• [WORKING DATA]

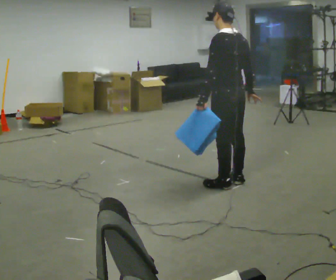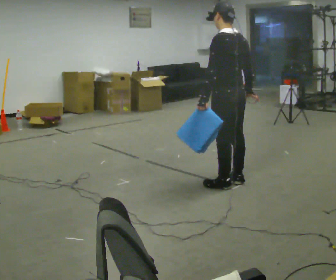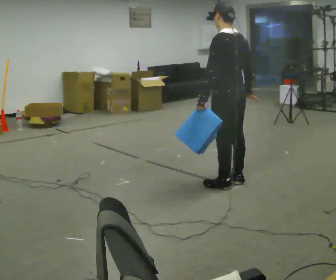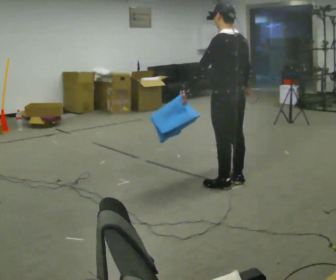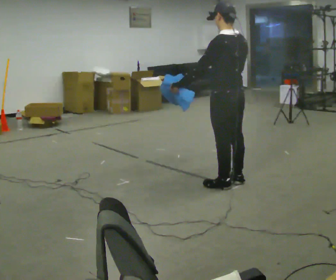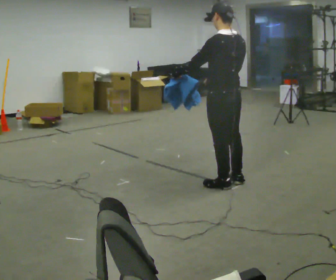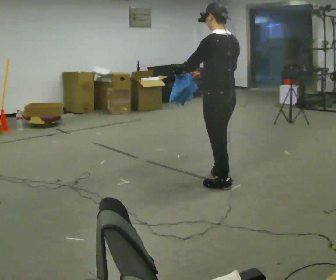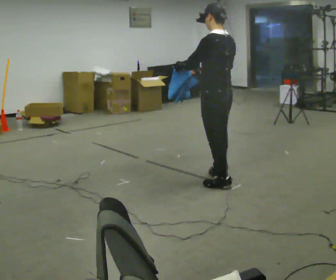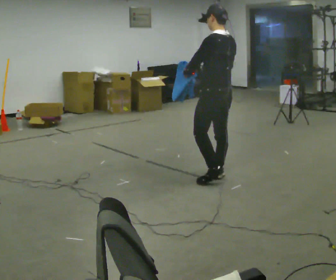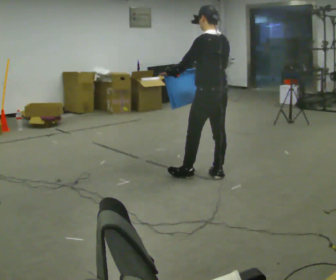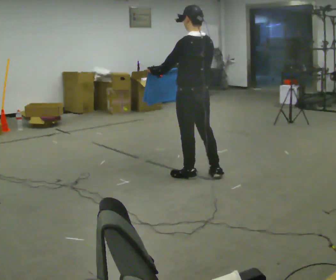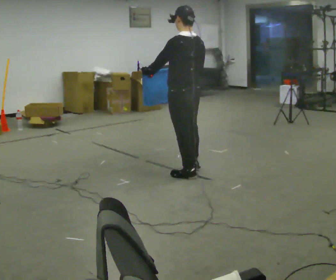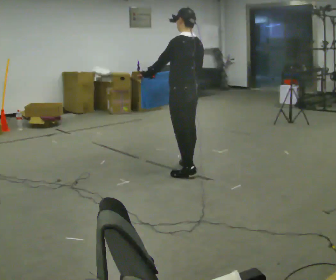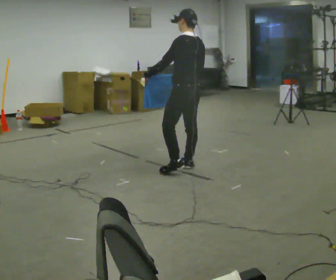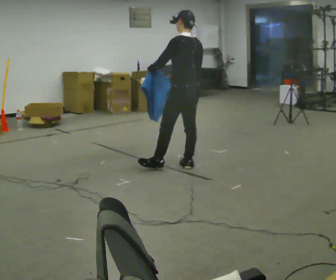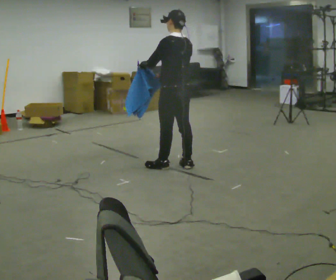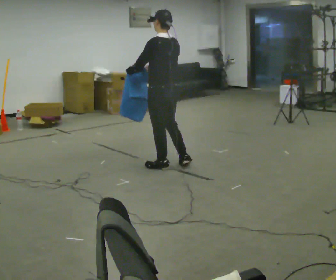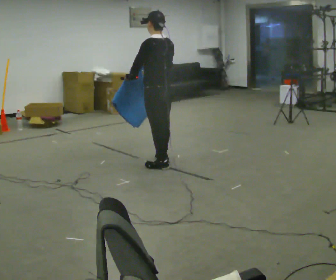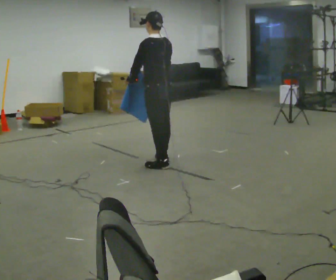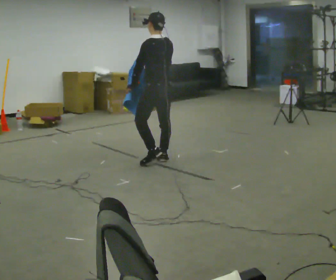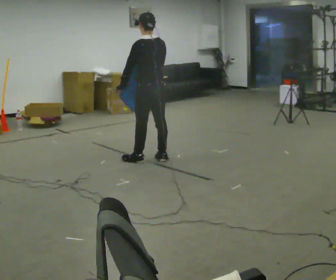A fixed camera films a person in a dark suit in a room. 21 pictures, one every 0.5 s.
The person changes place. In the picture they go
to the left.
0.0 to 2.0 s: The person moves a little, or ends about where they began.
2.0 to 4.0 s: In the picture they go away from the camera, about 0.25 m in 1 step, which for them is forward.
4.0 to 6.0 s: In the picture they go to the left and away from the camera, about 0.5 m in 2 steps, which for them is forward.
6.0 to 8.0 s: In the picture they go to the left, about 0.25 m in 1 step, which for them is forward.
8.0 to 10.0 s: In the picture they go away from the camera and to the left, about 0.25 m in 2 steps, which for them is forward.
The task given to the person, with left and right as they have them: Carry the cloth and, while walking, fold it in half, then unfold it. Keep repeating as you walk. Do not stop.
The film runs forward here.

• [TASK STATEMENT] Lines are to be repeated exactly from the one that contains "The person changes" through the last line of the listing, with both ends kept and no others added.

• [RESULT]
The person changes place. In the picture they go
to the left.
0.0 to 2.0 s: The person moves a little, or ends about where they began.
2.0 to 4.0 s: In the picture they go away from the camera, about 0.25 m in 1 step, which for them is forward.
4.0 to 6.0 s: In the picture they go to the left and away from the camera, about 0.5 m in 2 steps, which for them is forward.
6.0 to 8.0 s: In the picture they go to the left, about 0.25 m in 1 step, which for them is forward.
8.0 to 10.0 s: In the picture they go away from the camera and to the left, about 0.25 m in 2 steps, which for them is forward.
The task given to the person, with left and right as they have them: Carry the cloth and, while walking, fold it in half, then unfold it. Keep repeating as you walk. Do not stop.
The film runs forward here.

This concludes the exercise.